No discussion of human remains would be complete without a peek into the famous catacombs of Paris, where the bones of millions are stacked in labyrinthine tunnels.
Officials began to transfer bones from overcrowded city cemeteries in the 1700s, a process that continued until 1859. Some victims of massacres and the guillotine during the French Revolution even got direct burials in the catacombs, according to the Carnavalet Museum in Paris, the museum that now manages the tunnels. Among the famous figures interred somewhere in the catacombs is Maximilien Robespierre, the French politician instrumental in the revolution who was executed by guillotine in 1794.
Macabre doesn't begin to describe the Capuchin Crypt in Rome, where the bones of approximately 3,700 monks decorate five bizarre chambers. One room depicts Jesus raising Lazarus from the dead, in skeleton form. Another uses predominantly pelvises for décor. There's a room dedicated to skulls and another decorated with thigh and arm bones. The final chamber shows a skeleton holding a scythe and a scale, representing death and divine judgment.
The Capuchin friars who created this walk-in memento mori began the project in the 1600s with bones of brothers who had died as early as 1528. They created something of an assembly line of death, interring the recently deceased in a crypt and removing the longest-dead for incorporation into the church's decoration. The youngest bones date to the late 1800s.
A Macabre Memorial
For sheer numbers, though, the Capuchin Crypt can't compete with St. Bartholomew's Church in Czermna in Poland. Better known as the "skull chapel," this 18th-century building looks modest on the outside. Inside and beneath, though, are the bones of at least 24,000 people who died in wars and plagues. Conflicts dating back to the 1600s provided the raw material: The Thirty Years' War, the First, Second and Third Silesian Wars, along with local skirmishes and cholera epidemics. [10 Tales from the Crypt and Beyond]
According to Atlas Obscura, about 3,000 skulls-and-crossbones decorate the chapel, while the rest of the dead — disinterred from mass graves — are stacked in a crypt below the church floor.
In mountainous southern China, the Bo people developed an interesting way to keep their dead out of the mouths of scavengers: They hung their coffins from cliffs.
Up to about 400 years ago, this group carved coffins from single logs and placed them on rock ledges or stakes pounded into vertical rock faces. The Hanging Coffins are mostly found in Gongxian, in Sichuan province, but archaeologists have also discovered clusters in other parts of southern China. In 2015, for example, researchers announced that they'd found 131 hanging coffins in Hubei province, dating back 1,200 years.
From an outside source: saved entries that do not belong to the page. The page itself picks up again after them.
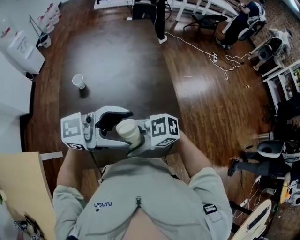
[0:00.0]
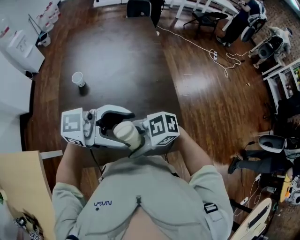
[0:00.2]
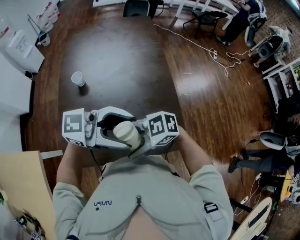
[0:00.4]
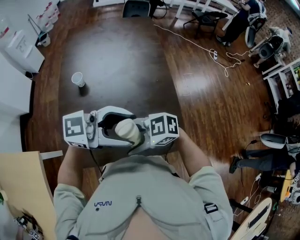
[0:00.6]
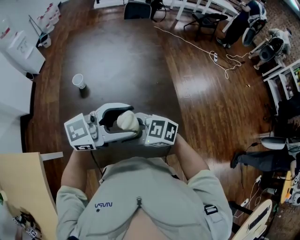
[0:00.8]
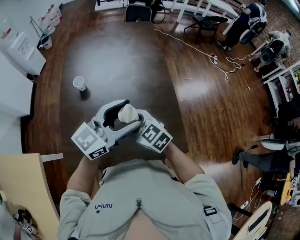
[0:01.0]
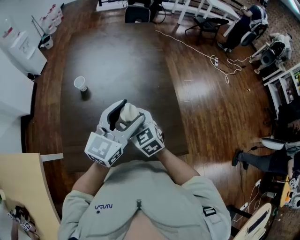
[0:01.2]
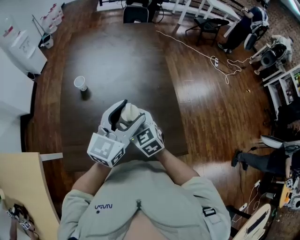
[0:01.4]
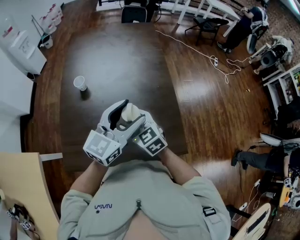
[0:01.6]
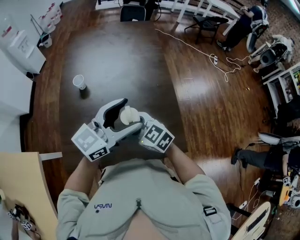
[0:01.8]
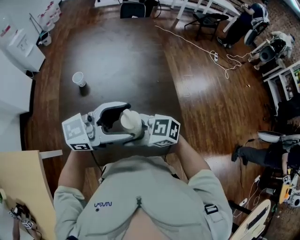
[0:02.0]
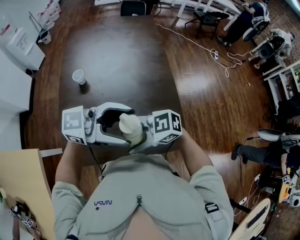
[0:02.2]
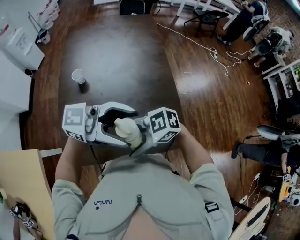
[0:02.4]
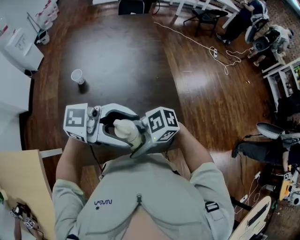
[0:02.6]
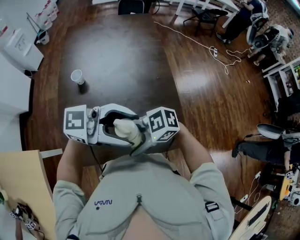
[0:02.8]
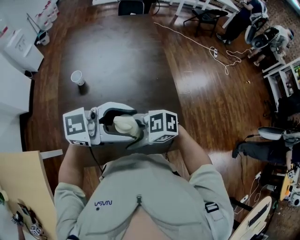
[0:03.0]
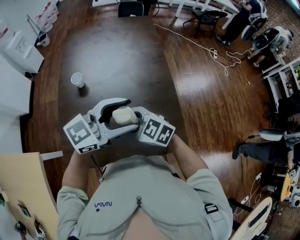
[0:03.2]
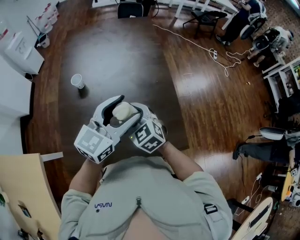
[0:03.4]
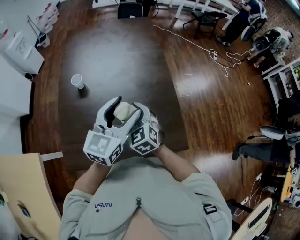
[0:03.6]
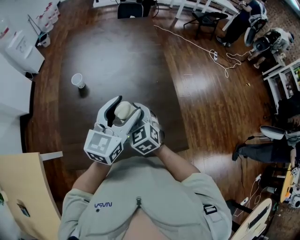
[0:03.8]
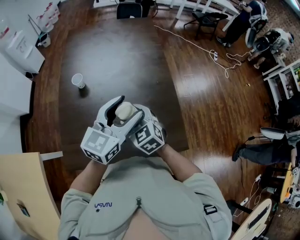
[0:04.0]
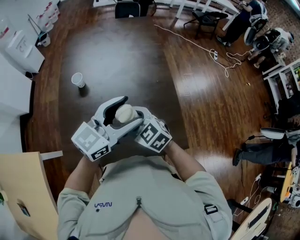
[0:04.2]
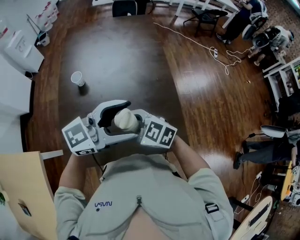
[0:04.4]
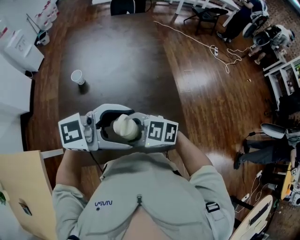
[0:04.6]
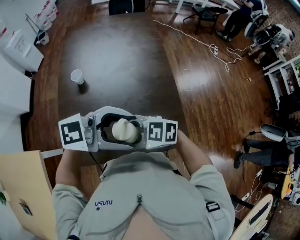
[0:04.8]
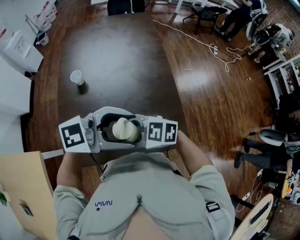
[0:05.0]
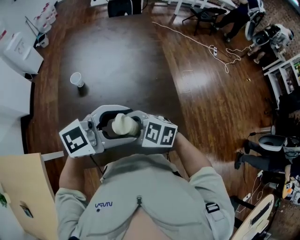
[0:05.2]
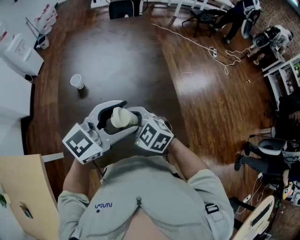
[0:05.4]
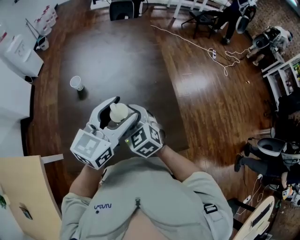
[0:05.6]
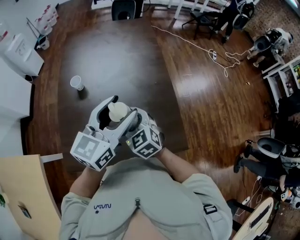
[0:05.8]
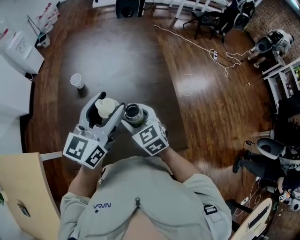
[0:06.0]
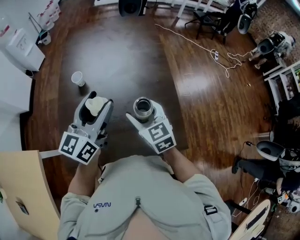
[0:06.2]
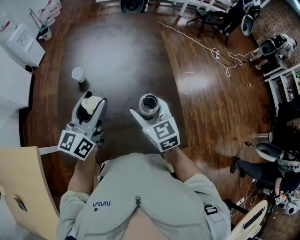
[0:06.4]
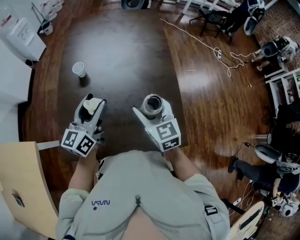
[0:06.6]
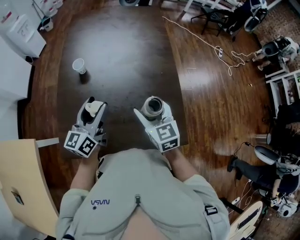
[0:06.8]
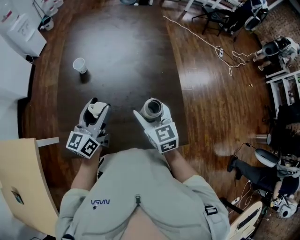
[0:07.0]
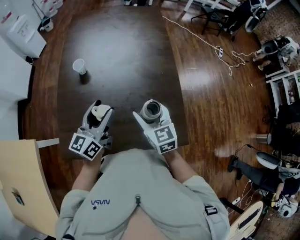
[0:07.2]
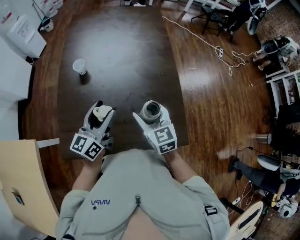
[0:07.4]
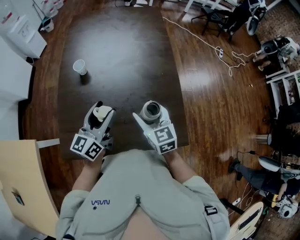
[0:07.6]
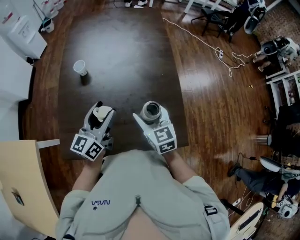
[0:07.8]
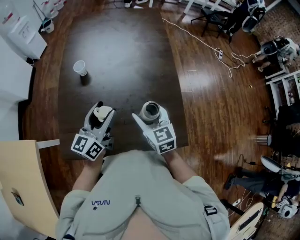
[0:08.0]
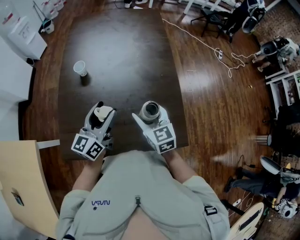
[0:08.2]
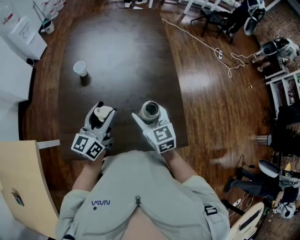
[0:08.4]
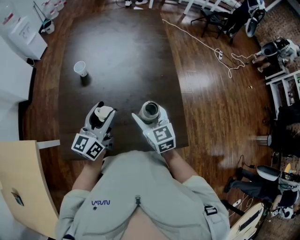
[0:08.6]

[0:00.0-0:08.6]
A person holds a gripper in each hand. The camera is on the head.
0:00.0 to 0:01.4: The left gripper ends up some 10 cm from where it was, and turns by some 60 degrees. Meanwhile the right gripper shifts by roughly 15 cm, and swivels approximately 60 degrees.
0:01.4 to 0:02.8: The left gripper changes place by some 10 cm, and rotates some 60 degrees, while the right gripper moves about 15 cm, and rotates approximately 70 degrees.
0:02.8 to 0:04.4: The left gripper rotates approximately 30 degrees, while the right gripper rotates about 40 degrees.
0:04.4 to 0:05.8: The right gripper ends up about 5 cm from where it was, and rotates roughly 30 degrees; the left gripper ends up approximately 5 cm from where it was, and rotates about 40 degrees.
0:05.8 to 0:07.2: The right gripper moves to the right, approximately 5 cm. Meanwhile the left gripper heads downward and to the left, covering approximately 15 cm, and rotates approximately 20 degrees.
0:07.2 to 0:08.6: Both grippers stay put.

Little is known about the Bo people, but the reports filtering down through the centuries are strange. According to a 1991 article in Archaeology Archive by the then-president of the China Exploration and Research Society, it was Bo custom to toughen up by wearing heavy garments in summer and thin clothes in winter. (Shown here, the hanging coffins of Sagada in the Philippines.)
Ancient Battle Zone
The bucolic Tollense river valley in northeastern Germany hides the remnants of a bloody past. Bronze Age skulls occasionally turned up in the sediments of the valley, but in 1996 an amateur archaeologist discovered something surprising: an arm bone with a flint arrow piercing it.
Since then, archaeologists have discovered more beat-up bones, including fractured skulls and lots of weaponry: clubs, flint points and even a wooden weapon that looked a bit like a croquet mallet. So far, the remains of 100 people, mostly young men, have been found, researchers reported in June 2011 in the journal Antiquity.
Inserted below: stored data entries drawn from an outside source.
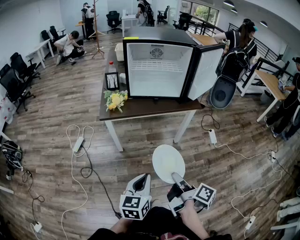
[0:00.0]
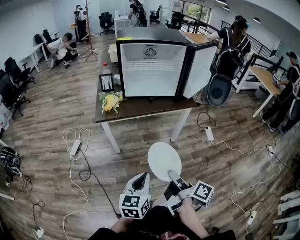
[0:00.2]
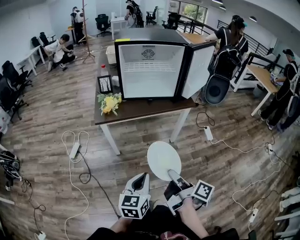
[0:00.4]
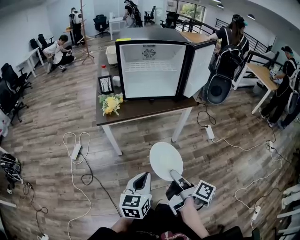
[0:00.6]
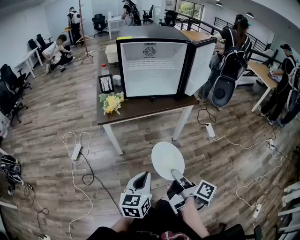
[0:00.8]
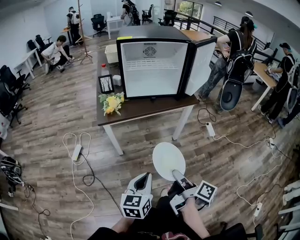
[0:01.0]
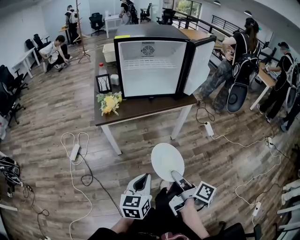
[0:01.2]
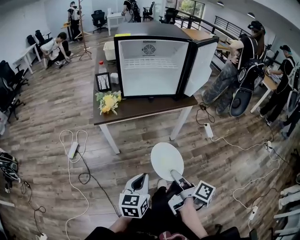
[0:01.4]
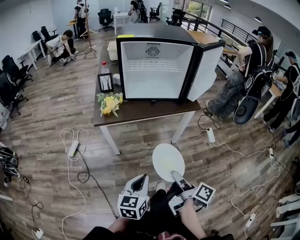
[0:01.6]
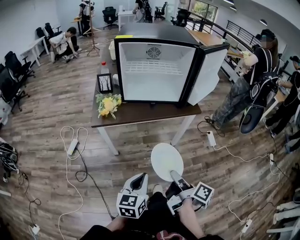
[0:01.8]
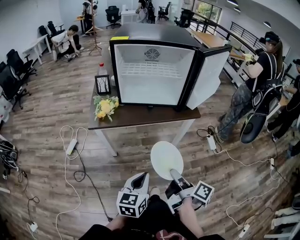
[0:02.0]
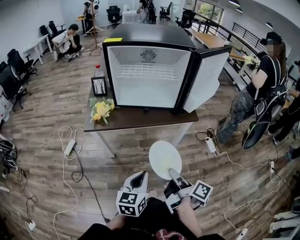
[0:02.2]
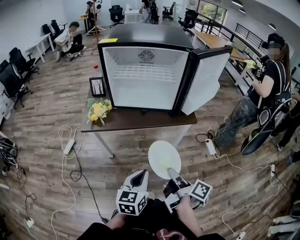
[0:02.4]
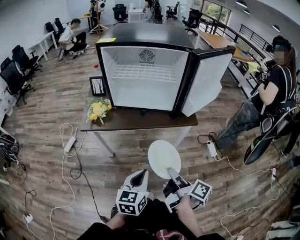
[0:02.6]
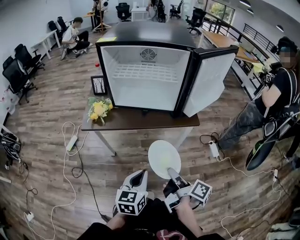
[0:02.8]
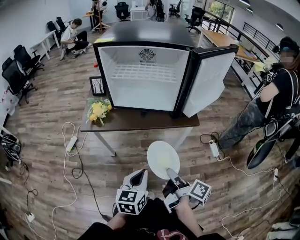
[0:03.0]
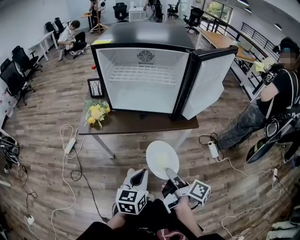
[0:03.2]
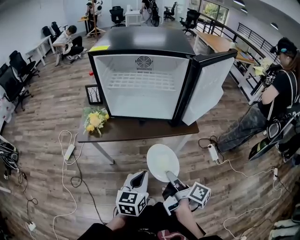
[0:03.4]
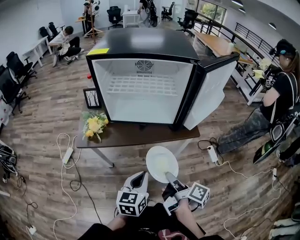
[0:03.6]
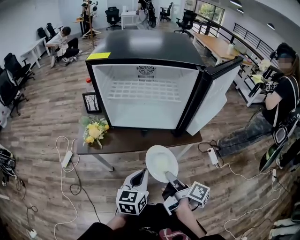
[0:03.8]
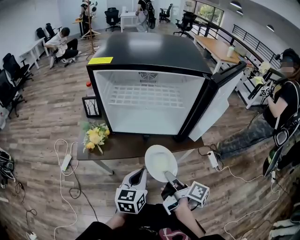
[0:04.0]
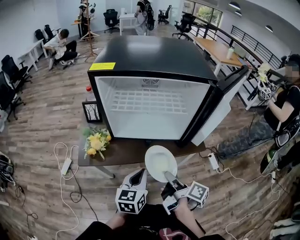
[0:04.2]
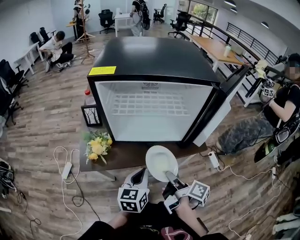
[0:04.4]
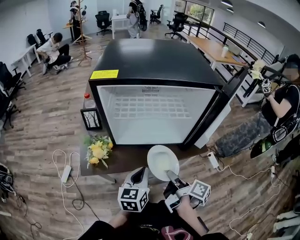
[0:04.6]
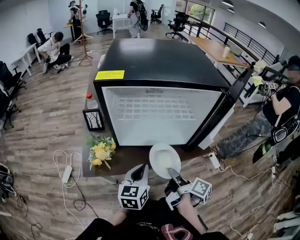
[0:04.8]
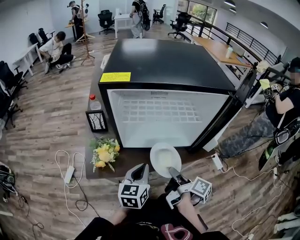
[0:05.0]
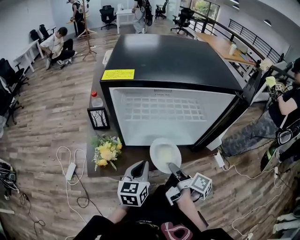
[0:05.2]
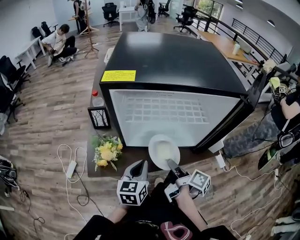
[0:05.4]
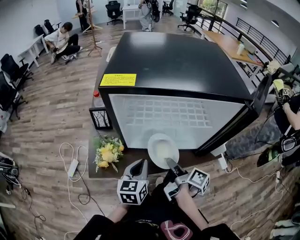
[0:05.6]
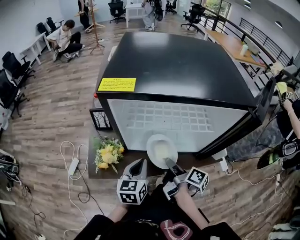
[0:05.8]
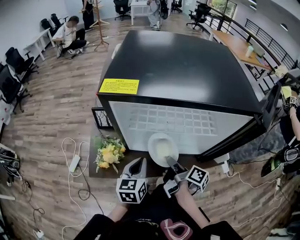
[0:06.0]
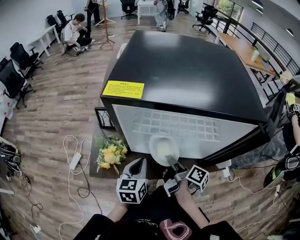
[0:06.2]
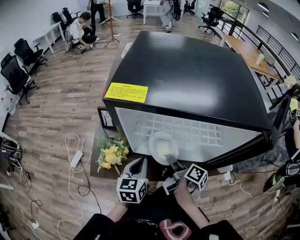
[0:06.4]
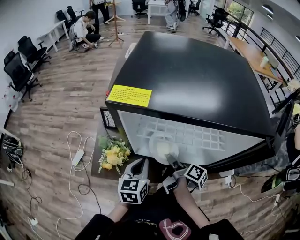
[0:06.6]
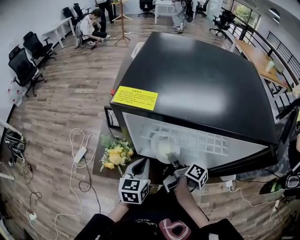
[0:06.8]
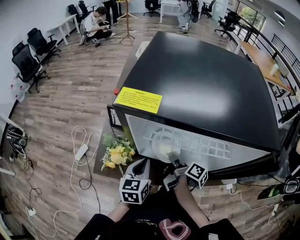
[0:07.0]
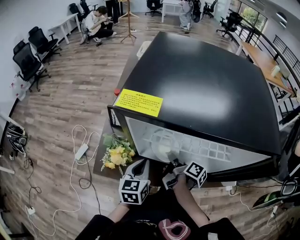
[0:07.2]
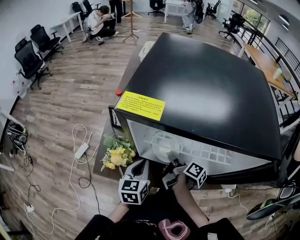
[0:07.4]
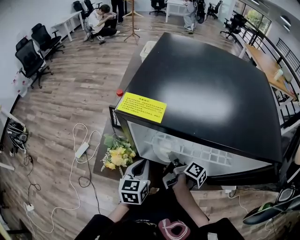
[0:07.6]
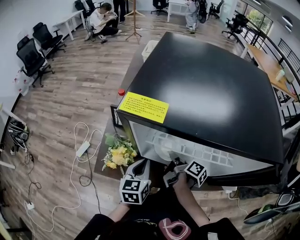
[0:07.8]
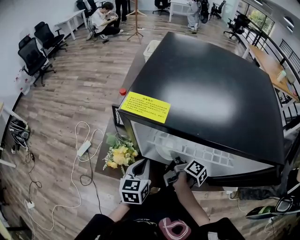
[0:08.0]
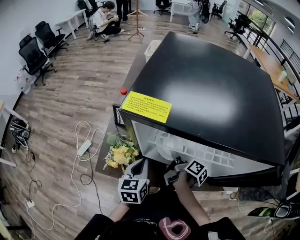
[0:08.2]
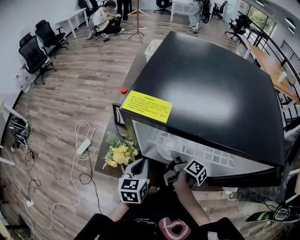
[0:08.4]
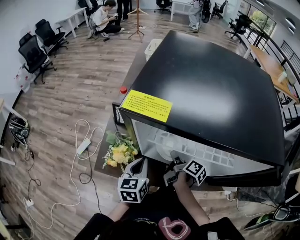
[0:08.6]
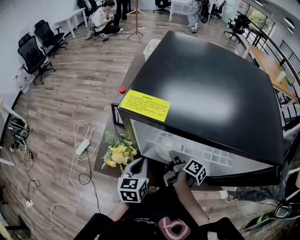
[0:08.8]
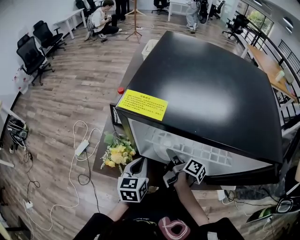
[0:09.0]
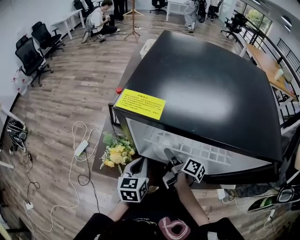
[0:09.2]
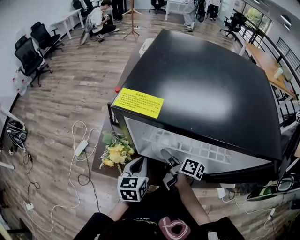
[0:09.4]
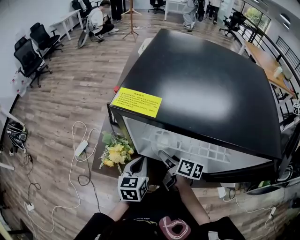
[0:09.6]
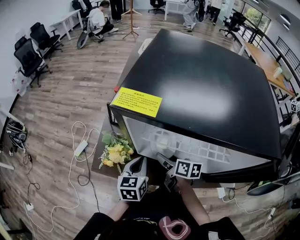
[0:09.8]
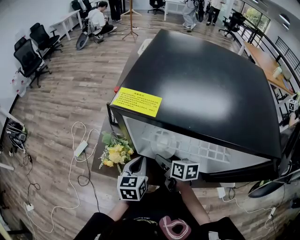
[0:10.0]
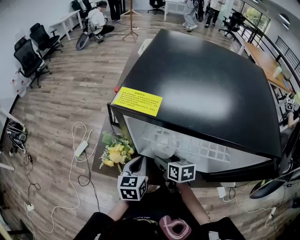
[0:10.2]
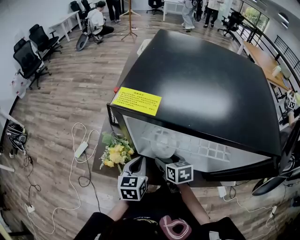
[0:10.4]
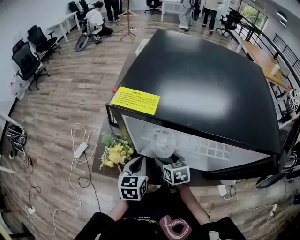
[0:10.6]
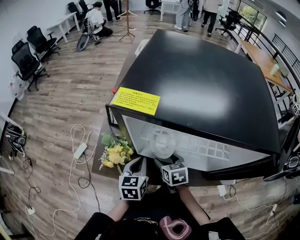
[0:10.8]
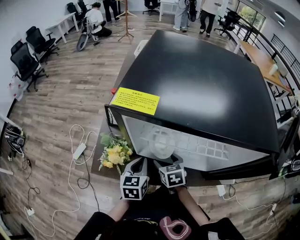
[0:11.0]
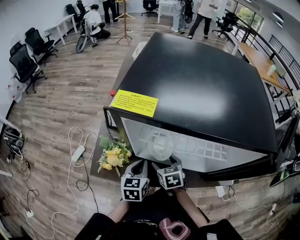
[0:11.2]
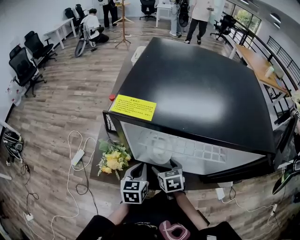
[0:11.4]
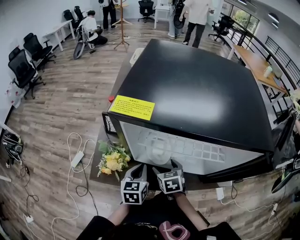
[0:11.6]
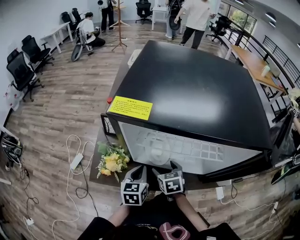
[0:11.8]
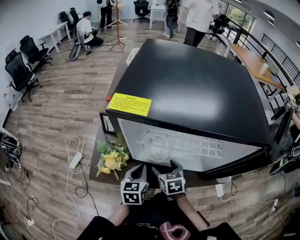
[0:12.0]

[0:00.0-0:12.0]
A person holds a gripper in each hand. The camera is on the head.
0:00.0 to 0:01.6: Both grippers move forward, approximately 5 cm.
0:01.6 to 0:03.0: Both grippers move forward and to the right, about 20 cm.
0:03.0 to 0:04.4: The right gripper heads forward and to the left, covering approximately 20 cm. The left gripper shifts approximately 20 cm forward.
0:04.4 to 0:06.0: The grippers both shift forward and to the left by roughly 15 cm.
0:06.0 to 0:07.6: The right gripper heads forward, covering about 10 cm; the left gripper shifts by about 5 cm.
0:07.6 to 0:09.0: The right gripper opens.
0:09.0 to 0:10.4: The right gripper twists about 60 degrees counterclockwise, seen from behind.
0:10.4 to 0:12.0: There are only small adjustments of the grippers.

The carnage points to a major battle fought sometime around 1230 B.C., the researchers wrote. The scale of the battle, with at least 100 killed, was larger than any other warfare known from this time and place. Damage to the front of skulls hints at fighting done face-to-face. Many of the dead had healed wounds, suggesting that they were professional warriors. No one knows, however, what conflict led to the bones of these men being scattered along the Tollense.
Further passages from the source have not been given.